Вышел и зашаркал к магазину сгорбленный старик.
На ходу дожевывая бутерброд и наматывая под куртку шарф, выскочила и понеслась к. метро девица.
Отчаянно зевая и хлопая сонными глазками, вывалился укутанный до ушей карапуз лет пяти и был тут же подхвачен раздраженной мамашей, которая принялась срезу же выговаривать ему что-то на ходу…
Дверь подъезда просыпалась вместе с его обитателями, с каждым разом приветствуя выходивших все бодрее и бодрее, но Петра Истомина она не выпускала.
Катя просидела на лавочке под вязом пять часов кряду — Анькин брат не показался совсем, как будто ему не было нужно на работу в эту свою «газпромовскую контору».
А сама Анька выползла только в половине двенадцатого. Зевая, она вышла с мусорным ведром и остановилась в центре двора, закрыв глаза и подставив выглянувшему наконец солнцу заспанное личико в обрамлении растрепанных темно-рыжих волос, в которых сразу же запуталось несколько сброшенных вязами листочков. Подружку Анька не заметила. Когда Катюша подошла к ней, то услышала, как Анька мурлычет себе под нос, совсем как разомлевший на солнышке котенок.
— Привет.
— А! Ой, привет. — Анька заморгала от неожиданности, а потом улыбнулась, приветливо и растерянно.
— Я к тебе это… Кхм… Посоветоваться. Задача не получается… Алгебру решить, — выдавила Катюша, пряча глаза. Она сразу же пожалела о сказанном: всем в классе было известно, что Катя Лаврова была победительницей всех без исключения школьных математических олимпиад, тогда как Истомина в лучшем случае могла отбарабанить лишь таблицу умножения. Но что сказано, то сказано, это ж надо было — ляпнуть первое, что пришло в голову!
— Задачу? Решить? Ко мне? — троекратно и вполне справедливо удивилась Истомина. — Катька, да я же даже интеграл нарисовать не в состоянии!

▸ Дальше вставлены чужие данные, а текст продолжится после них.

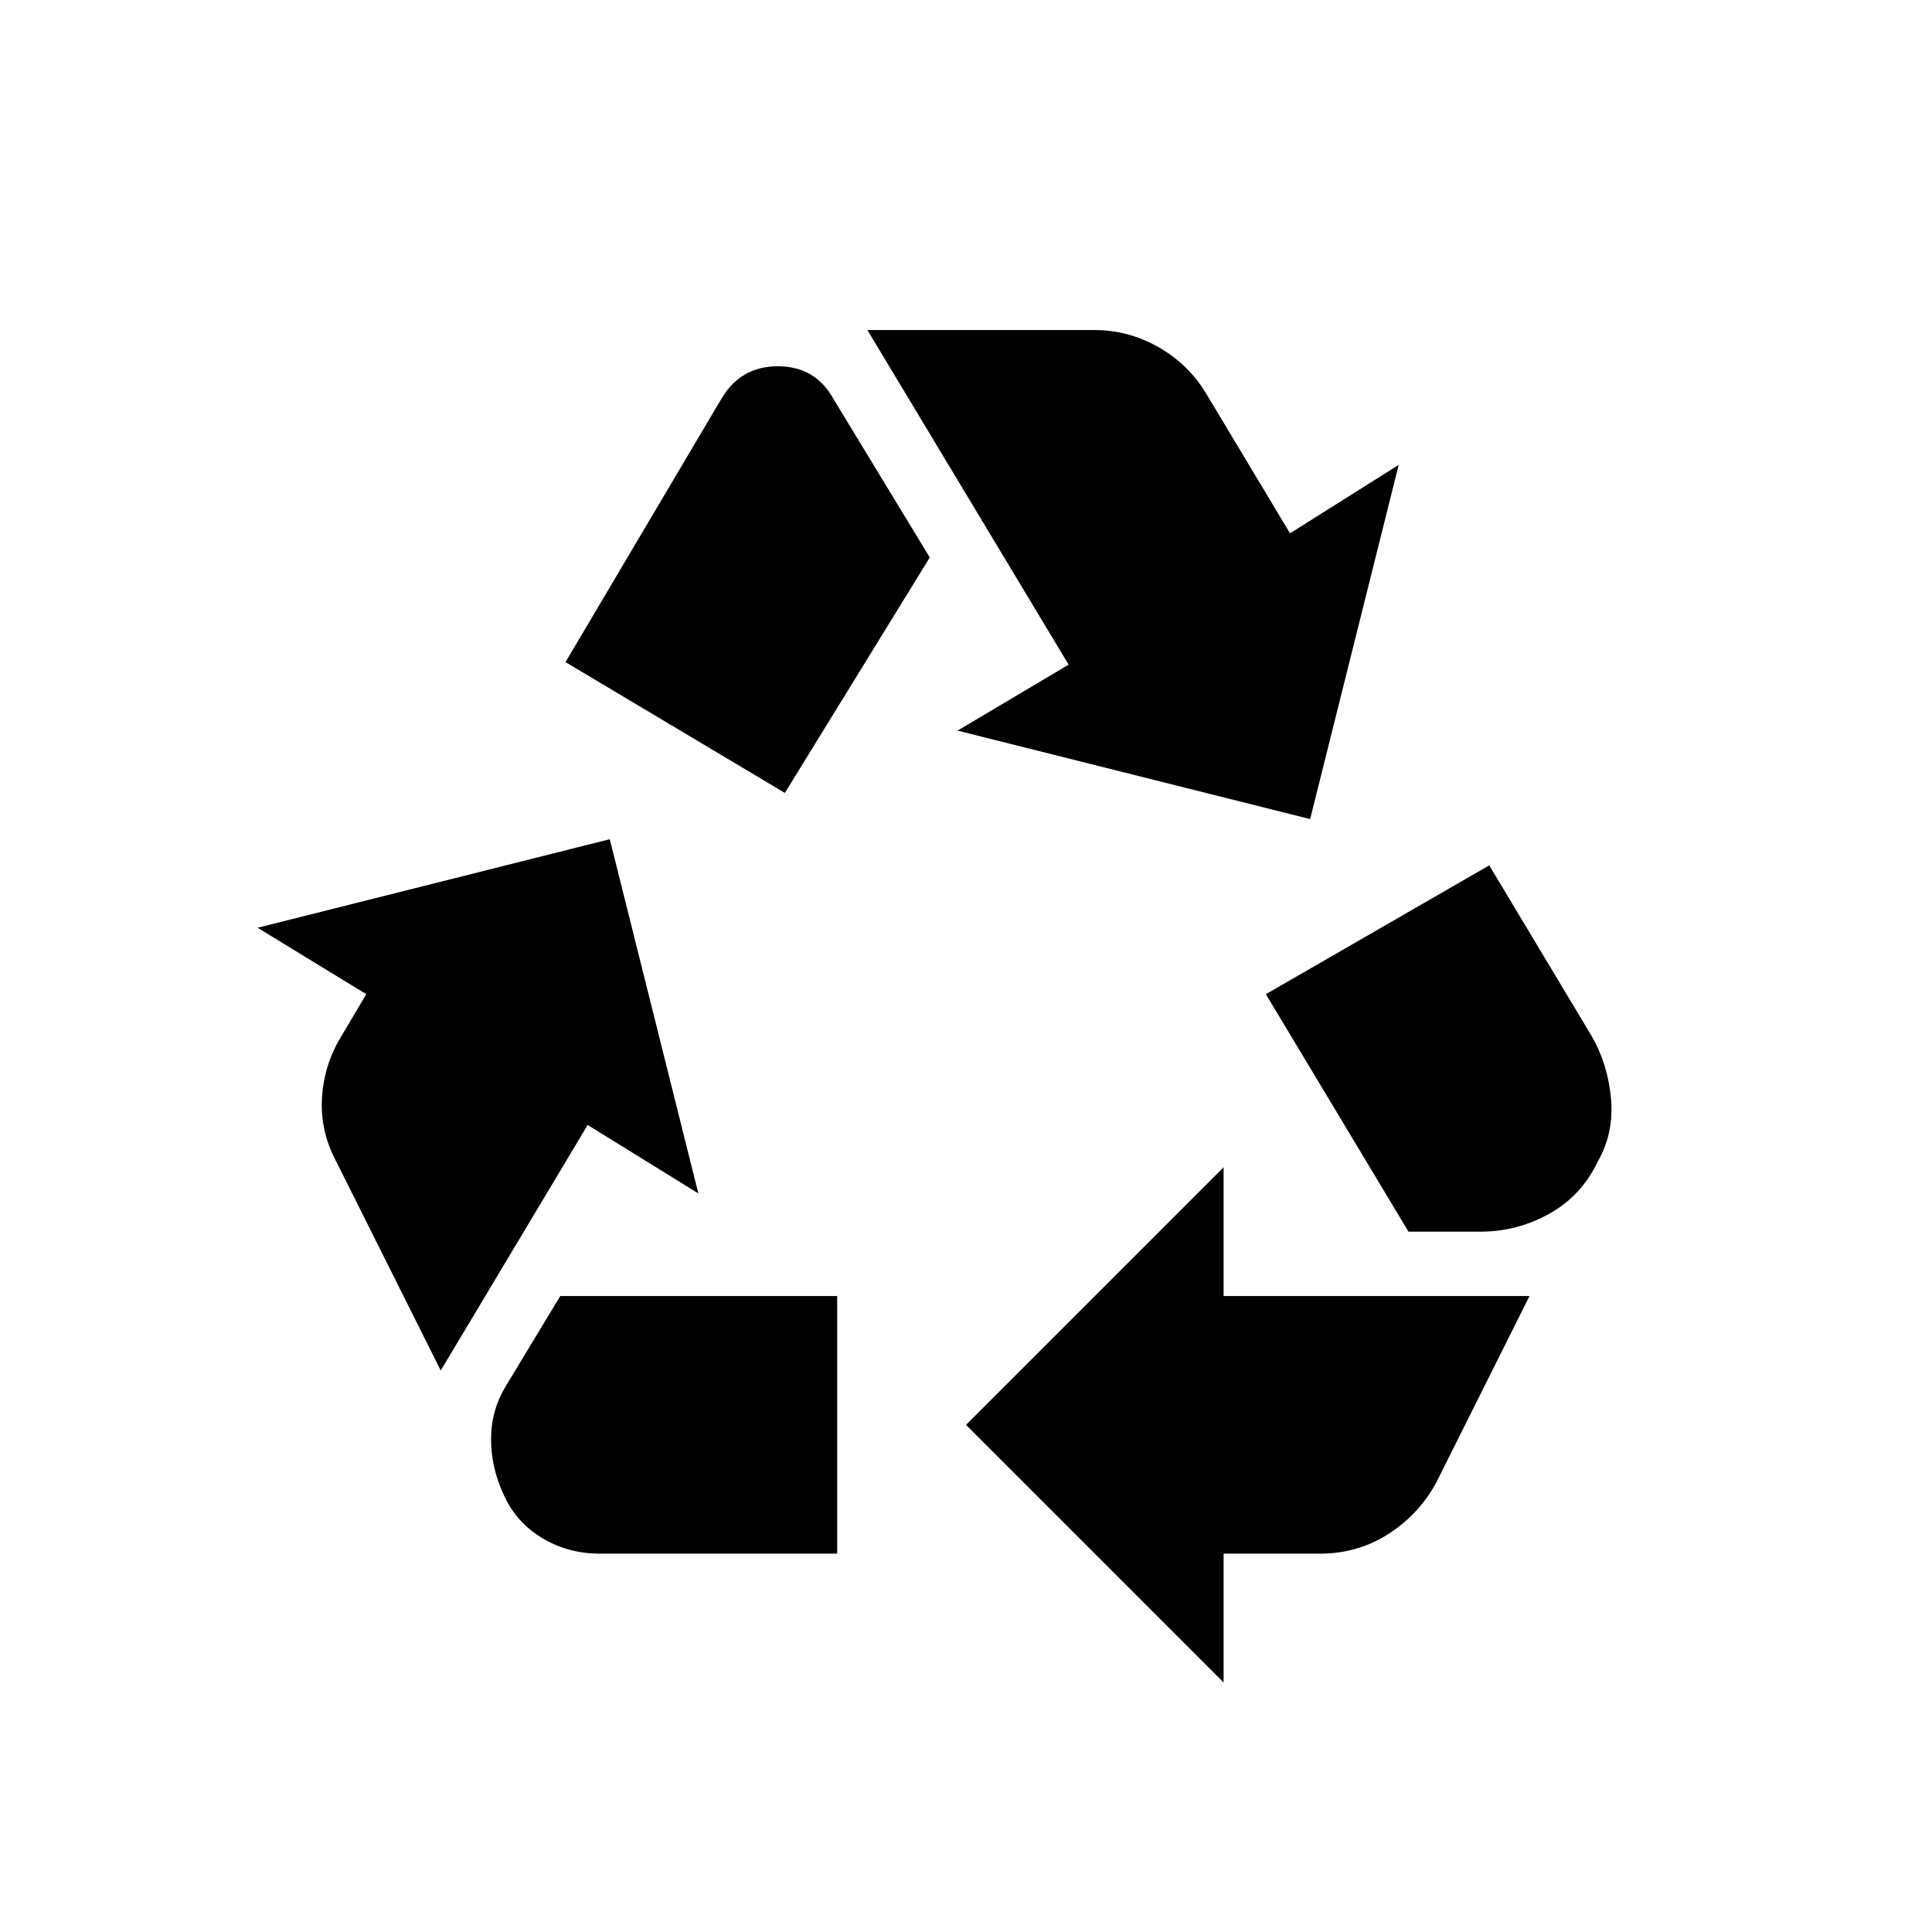 <?xml version="1.0" encoding="UTF-8"?> <svg xmlns="http://www.w3.org/2000/svg" height="40" viewBox="0 -960 960 960" width="40"><path d="m390-566 72-117-48-79q-9-16-27.5-16t-27.991 16.066L281-631l109 65Zm309.86 218L629-466l111-64 51 85q8 14 9.5 31t-6.5 31q-8 17-24 26t-34.312 9H699.86ZM608-124 480-252l128-128v64h152l-46.4 92.8q-8.8 16-24 25.6-15.2 9.6-33.6 9.6h-48v64Zm-309.952-64Q282-188 269-196t-19-21.909Q244-231 244-245q0-14 7.2-26.042L278.4-316H416v128H298.048ZM219-279l-52-104q-8-15-7-31.5t9.556-30.5L182-466l-54-33 175-44 44 176-55-34-73 122Zm432-274-175.2-43.964 55.2-32.773L431-796h112.8q16.8 0 31.6 8.346T599-765l42 70 54-34-44 176Z"></path></svg>

— Я думала, может, брат твой поможет…
— Петька-то? Он вообще-то может помочь, знаешь, — Анька подняла руку с обкусанными ногтями и потерла розовую щеку, на которой еще отчетливо виднелся след от подушки, — только его нет. Он сегодня дома не ночевал.
— Работал?
— Да ну, какое там! — усмехнулась Анька и смешно сморщила нос. — Будет он тебе ночами работать! Не-ет, дорогая, братец мой не промах, у братца моего по ночам дела более интересные. На ближайшее время.
— О чем ты, не понимаю…
— Ой, господи, да женихается он. Ясно? Женихается, — с явной иронией повторила Анька старомодное слово. — Завел себе какую-то… Павлиниху с накрашенными губами, такую, знаешь, — девушка закатила глаза под самый лоб, неестественно изогнула шею и выпятила нижнюю губку, — вот такую вот! Петька ее у товарища своего отбил, представляешь?! У лучшего друга! Ха, будет мне после этого кто-нибудь еще про крепкую мужскую дружбу тереть!